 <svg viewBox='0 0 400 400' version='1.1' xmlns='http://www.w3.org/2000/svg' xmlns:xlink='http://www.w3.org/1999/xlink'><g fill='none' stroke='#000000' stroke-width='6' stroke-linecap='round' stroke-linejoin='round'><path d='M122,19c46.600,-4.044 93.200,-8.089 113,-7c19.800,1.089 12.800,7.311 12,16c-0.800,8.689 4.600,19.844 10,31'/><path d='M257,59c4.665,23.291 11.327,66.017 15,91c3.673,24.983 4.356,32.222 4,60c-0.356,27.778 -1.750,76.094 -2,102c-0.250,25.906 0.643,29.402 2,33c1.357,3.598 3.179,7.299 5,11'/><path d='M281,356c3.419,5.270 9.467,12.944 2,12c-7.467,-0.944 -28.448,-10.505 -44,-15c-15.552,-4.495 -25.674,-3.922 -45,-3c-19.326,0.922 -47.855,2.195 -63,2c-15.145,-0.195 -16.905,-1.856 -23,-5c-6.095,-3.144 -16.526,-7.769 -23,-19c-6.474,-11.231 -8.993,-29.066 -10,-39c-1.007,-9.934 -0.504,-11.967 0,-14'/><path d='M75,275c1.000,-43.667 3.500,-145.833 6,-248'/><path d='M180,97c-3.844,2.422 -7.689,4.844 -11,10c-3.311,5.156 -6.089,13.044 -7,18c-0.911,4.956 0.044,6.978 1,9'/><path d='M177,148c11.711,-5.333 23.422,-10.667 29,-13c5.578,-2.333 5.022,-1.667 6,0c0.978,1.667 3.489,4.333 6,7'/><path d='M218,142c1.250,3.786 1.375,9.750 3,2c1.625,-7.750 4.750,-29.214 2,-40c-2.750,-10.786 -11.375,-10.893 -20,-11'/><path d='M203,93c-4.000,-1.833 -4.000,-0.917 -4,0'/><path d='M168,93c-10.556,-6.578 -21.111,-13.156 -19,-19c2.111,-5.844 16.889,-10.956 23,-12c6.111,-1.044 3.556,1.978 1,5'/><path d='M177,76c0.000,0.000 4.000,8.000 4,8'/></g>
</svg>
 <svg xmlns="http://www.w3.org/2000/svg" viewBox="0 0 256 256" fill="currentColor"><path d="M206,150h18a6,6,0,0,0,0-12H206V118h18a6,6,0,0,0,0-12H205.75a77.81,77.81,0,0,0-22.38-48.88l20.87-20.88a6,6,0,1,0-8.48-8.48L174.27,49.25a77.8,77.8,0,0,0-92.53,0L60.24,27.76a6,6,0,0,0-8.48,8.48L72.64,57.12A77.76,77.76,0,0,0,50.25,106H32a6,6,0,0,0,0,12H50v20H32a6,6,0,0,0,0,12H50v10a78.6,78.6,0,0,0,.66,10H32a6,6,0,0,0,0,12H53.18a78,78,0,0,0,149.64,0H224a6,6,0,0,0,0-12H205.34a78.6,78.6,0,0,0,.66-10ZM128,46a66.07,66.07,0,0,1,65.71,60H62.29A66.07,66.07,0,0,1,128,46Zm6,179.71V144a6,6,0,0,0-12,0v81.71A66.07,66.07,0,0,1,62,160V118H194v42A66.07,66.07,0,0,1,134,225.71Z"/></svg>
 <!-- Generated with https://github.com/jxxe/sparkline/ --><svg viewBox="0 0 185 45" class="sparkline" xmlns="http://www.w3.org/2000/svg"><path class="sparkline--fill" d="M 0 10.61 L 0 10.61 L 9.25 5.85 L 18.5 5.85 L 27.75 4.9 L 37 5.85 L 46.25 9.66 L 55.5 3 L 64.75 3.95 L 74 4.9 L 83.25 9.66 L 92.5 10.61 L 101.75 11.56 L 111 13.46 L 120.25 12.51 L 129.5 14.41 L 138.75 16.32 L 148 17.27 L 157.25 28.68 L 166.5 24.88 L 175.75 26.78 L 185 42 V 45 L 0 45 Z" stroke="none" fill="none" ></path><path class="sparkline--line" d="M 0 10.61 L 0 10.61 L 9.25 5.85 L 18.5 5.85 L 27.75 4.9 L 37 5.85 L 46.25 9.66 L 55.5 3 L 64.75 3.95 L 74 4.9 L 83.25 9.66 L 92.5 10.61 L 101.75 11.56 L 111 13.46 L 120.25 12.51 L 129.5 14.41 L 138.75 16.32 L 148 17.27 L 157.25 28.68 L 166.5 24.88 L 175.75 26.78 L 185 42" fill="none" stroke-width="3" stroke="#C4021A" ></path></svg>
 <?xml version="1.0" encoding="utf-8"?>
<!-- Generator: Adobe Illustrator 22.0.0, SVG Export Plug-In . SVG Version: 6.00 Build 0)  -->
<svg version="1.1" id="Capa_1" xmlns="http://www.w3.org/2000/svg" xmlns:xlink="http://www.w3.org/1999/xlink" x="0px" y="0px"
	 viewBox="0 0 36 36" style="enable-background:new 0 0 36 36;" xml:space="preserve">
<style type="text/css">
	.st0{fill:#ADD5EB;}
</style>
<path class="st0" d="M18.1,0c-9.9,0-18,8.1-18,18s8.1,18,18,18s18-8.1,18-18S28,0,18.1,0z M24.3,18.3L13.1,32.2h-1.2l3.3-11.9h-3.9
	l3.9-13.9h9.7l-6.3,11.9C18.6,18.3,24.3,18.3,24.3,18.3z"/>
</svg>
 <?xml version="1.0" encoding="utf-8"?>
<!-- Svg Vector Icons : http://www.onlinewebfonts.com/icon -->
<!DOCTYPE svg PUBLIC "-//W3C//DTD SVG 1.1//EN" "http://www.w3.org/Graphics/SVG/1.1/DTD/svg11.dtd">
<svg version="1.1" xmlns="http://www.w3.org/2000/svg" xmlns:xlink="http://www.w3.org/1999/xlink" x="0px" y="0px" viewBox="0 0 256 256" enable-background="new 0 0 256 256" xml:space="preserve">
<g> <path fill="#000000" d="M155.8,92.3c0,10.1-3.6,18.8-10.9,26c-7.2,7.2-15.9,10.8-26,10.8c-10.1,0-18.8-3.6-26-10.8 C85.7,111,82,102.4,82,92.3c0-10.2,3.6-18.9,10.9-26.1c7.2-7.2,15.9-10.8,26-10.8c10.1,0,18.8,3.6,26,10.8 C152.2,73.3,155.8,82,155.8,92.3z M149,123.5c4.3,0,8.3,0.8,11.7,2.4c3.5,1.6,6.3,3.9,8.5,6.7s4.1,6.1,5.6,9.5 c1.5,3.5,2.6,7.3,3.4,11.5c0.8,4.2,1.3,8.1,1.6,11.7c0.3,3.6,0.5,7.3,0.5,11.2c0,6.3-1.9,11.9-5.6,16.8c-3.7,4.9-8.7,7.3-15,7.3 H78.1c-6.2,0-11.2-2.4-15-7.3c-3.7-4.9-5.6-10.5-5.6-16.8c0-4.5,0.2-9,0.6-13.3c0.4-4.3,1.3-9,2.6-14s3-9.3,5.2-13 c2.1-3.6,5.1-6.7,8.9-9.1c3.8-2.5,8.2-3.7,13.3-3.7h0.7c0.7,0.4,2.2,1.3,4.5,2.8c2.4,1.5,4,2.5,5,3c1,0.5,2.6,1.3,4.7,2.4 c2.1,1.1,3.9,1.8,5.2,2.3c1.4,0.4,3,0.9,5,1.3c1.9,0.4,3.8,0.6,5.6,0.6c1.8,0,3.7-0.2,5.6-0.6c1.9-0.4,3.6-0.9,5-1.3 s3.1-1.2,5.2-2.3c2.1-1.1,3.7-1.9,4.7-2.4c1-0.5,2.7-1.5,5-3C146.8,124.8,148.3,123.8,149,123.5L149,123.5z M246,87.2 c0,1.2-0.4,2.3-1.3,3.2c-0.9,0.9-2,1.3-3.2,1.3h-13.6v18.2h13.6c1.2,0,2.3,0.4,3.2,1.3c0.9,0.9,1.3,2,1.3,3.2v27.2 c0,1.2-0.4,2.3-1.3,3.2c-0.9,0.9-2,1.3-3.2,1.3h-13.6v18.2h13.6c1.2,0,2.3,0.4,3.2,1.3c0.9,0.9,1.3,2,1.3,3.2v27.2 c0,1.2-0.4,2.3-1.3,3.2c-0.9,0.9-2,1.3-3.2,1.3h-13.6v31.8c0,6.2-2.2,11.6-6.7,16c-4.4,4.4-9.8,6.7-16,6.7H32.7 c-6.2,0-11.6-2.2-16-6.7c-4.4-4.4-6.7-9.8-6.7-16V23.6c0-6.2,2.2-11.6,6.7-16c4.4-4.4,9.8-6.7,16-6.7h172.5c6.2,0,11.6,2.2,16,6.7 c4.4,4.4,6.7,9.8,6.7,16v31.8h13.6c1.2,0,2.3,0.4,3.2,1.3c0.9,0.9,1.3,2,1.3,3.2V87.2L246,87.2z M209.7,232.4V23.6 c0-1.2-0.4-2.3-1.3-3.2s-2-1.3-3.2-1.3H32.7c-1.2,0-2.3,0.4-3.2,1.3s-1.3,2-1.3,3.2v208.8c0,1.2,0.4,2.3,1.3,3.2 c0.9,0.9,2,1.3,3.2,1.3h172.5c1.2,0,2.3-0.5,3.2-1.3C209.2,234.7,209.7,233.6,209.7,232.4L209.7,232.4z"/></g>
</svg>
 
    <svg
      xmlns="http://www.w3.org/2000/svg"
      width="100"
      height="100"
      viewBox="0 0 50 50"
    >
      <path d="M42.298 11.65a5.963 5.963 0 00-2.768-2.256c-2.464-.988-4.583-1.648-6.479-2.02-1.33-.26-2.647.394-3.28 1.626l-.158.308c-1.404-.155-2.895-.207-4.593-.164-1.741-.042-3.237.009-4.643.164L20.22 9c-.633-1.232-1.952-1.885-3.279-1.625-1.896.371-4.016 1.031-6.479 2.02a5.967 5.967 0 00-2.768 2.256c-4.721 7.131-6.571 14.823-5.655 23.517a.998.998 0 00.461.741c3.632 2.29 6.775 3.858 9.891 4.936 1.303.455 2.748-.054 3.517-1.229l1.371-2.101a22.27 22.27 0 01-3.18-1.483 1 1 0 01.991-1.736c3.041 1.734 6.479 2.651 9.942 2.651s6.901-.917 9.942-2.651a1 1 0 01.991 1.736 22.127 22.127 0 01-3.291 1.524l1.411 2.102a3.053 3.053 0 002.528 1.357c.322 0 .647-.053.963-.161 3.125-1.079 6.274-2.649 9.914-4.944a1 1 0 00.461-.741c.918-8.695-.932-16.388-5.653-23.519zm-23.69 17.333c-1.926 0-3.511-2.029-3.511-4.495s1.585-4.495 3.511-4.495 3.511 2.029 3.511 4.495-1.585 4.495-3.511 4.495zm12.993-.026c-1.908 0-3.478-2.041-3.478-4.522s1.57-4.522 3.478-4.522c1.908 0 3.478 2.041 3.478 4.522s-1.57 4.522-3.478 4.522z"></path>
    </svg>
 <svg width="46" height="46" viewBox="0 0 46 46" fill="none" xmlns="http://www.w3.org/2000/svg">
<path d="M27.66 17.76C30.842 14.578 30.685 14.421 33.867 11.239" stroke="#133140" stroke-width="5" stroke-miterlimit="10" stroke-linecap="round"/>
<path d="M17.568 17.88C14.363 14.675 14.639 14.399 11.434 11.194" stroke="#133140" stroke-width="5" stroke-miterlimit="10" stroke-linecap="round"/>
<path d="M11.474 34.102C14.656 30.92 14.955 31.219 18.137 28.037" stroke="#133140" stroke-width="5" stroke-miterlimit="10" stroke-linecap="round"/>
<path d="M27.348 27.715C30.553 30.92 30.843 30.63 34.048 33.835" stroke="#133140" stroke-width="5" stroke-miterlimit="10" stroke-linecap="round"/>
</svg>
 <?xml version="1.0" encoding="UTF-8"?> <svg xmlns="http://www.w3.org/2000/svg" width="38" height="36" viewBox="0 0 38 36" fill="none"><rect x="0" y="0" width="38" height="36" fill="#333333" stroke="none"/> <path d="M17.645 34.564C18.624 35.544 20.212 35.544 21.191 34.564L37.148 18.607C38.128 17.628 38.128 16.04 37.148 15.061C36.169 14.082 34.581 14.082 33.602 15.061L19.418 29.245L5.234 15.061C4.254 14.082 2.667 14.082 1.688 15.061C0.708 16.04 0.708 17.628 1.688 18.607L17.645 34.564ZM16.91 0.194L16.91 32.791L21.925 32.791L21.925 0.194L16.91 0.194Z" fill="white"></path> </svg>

──────────────────────────────

### Your task:
Within the material above, find every line containing the word "height" and copy it.

### Response:
      height="100"
 <svg width="46" height="46" viewBox="0 0 46 46" fill="none" xmlns="http://www.w3.org/2000/svg">
 <?xml version="1.0" encoding="UTF-8"?> <svg xmlns="http://www.w3.org/2000/svg" width="38" height="36" viewBox="0 0 38 36" fill="none"><rect x="0" y="0" width="38" height="36" fill="#333333" stroke="none"/> <path d="M17.645 34.564C18.624 35.544 20.212 35.544 21.191 34.564L37.148 18.607C38.128 17.628 38.128 16.04 37.148 15.061C36.169 14.082 34.581 14.082 33.602 15.061L19.418 29.245L5.234 15.061C4.254 14.082 2.667 14.082 1.688 15.061C0.708 16.04 0.708 17.628 1.688 18.607L17.645 34.564ZM16.91 0.194L16.91 32.791L21.925 32.791L21.925 0.194L16.91 0.194Z" fill="white"></path> </svg>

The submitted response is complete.